A New History of Photography: The World Outside and the Pictures In Our Heads (White Press, 2007), is an experiment in the history of photography where Schles examines his photographs and recognizes within it a slew of antecedents and influences. A finalist for the 2009 Les Rencontres d'Arles Photographie Contemporary Book Award, selected by Photo-Eye and 5B4 as a best book of the year and selected by Claxton Projects as one of the most significant American photobooks published between 2003 and 2012.

Ken Schles' fourth title, Oculus (Noorderlicht, 2011), is a philosophical exploration of memory and perception, a poetic pilgrimage that thoughtfully weaves its analysis of how images influence and define our understanding of that around us. Like Schles' previous titles, Oculus is a demanding, personal and beautifully emotive work that not only compels multiple visits, but also leaves lingering questions. A Photo-Eye photobook of the year.

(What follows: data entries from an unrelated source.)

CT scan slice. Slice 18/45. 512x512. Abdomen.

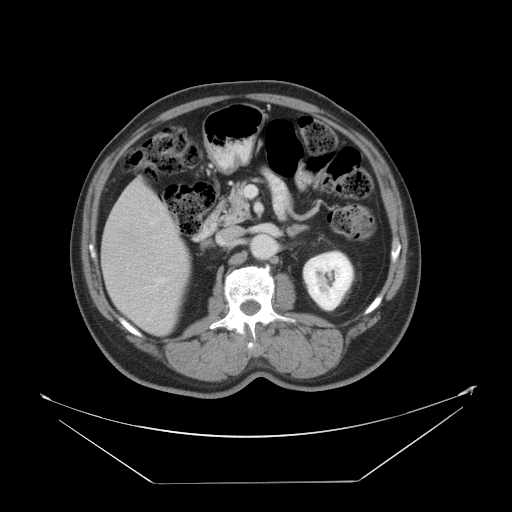
Not every hepatic vessel necessarily has a box.
3 hepatic vessel regions appear at <bbox>147, 317, 150, 320</bbox>, <bbox>157, 228, 173, 238</bbox>, <bbox>144, 277, 168, 289</bbox>.
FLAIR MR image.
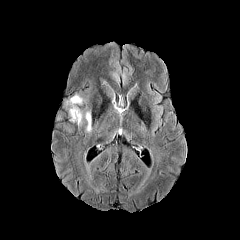
T1-weighted MR.
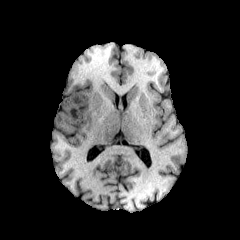
Post-contrast T1-weighted MR.
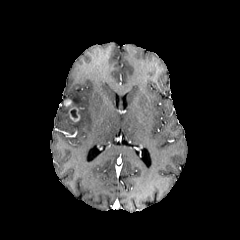
T2-weighted magnetic resonance.
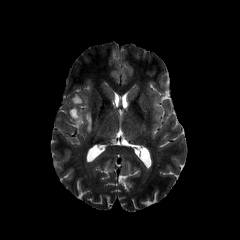
240x240 px | Brain
enhancing tumor: bbox(63, 98, 79, 122) | edema: bbox(71, 94, 82, 105); bbox(85, 112, 91, 132)
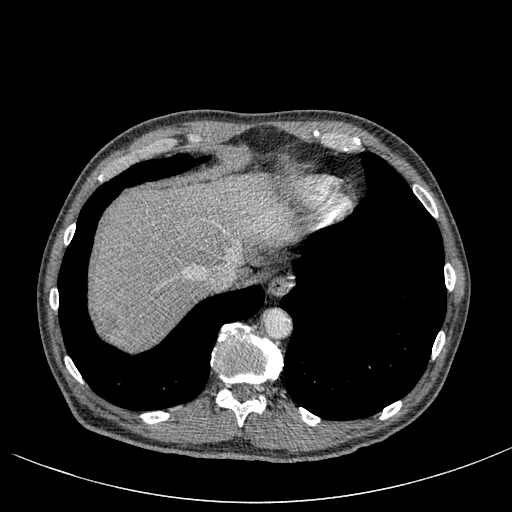 Abdomen, CT scan slice
Findings:
• liver: region(91, 177, 297, 347); region(239, 268, 251, 280)
• liver lesion: region(284, 210, 292, 220); region(97, 314, 118, 335)
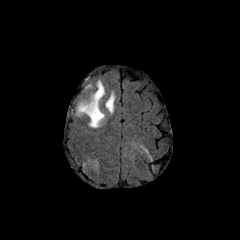
FLAIR magnetic resonance.
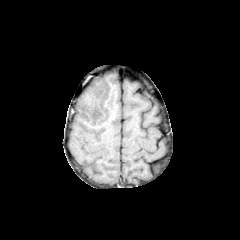
T1-weighted MR image of the same slice.
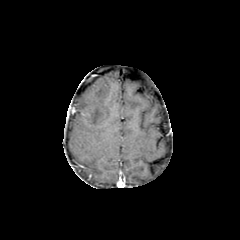
Post-contrast T1-weighted MRI.
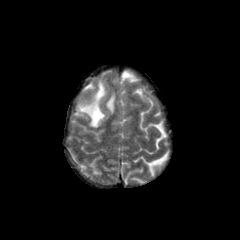
T2-weighted MRI.
• edema: <bbox>76, 81, 105, 127</bbox>, <bbox>105, 92, 115, 114</bbox>
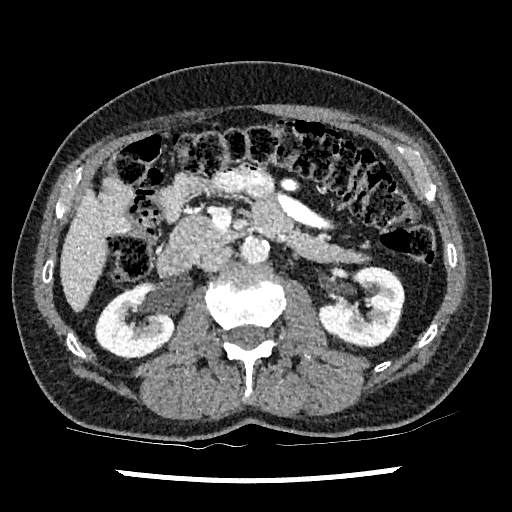
512x512 | CT image | Liver
Kidney: bounding box (96,285,173,356), (320,268,403,345).
Liver: bounding box (62,189,106,311).

Writing on the ecology of the image, his essays have appeared in Vision Anew (University of California Press, 2015), The Photographer's Playbook (Aperture, 2014) and Publish Your Photography Book (Princeton Architectural Press, 2014). He's been the foreign correspondent for the discontinued FOAM blog, and a guest blogger for other sites. He writes occasional original essays for his own blog (Seeing images, seeing things) and for his own published works.

His editorial work has appeared internationally, from The New York Times Magazine in the US to the FAZ in Germany. He's had six covers of Newsweek and worked for dozens of magazines throughout his career. He was the first photographer commissioned by The New Yorker, taking a portrait of the playwright Tony Kushner in 1992. During the 1990s he worked with recording artists on nearly 100 CD packages, most notably Billy Bragg and Wilco, Green Day, Alicia Keys, Rufus Wainwright, Rod Stewart, Natalie Merchant and The Wallflowers. Click here for a thorough client list.

A New York Foundation for the Arts Fellow, Ken Schles has organized and mounted over 18 solo exhibitions and appeared in over three dozen group shows in over a dozen countries. His work is included in nearly two-dozen museum collections throughout the world including The Museum of Modern Art and The Metropolitan Museum of Art in New York and The Rijksmuseum in The Netherlands.

He currently lives in his solar powered 19th century Brownstone, where he raises a family along with his wife, a New York City public elementary school principal.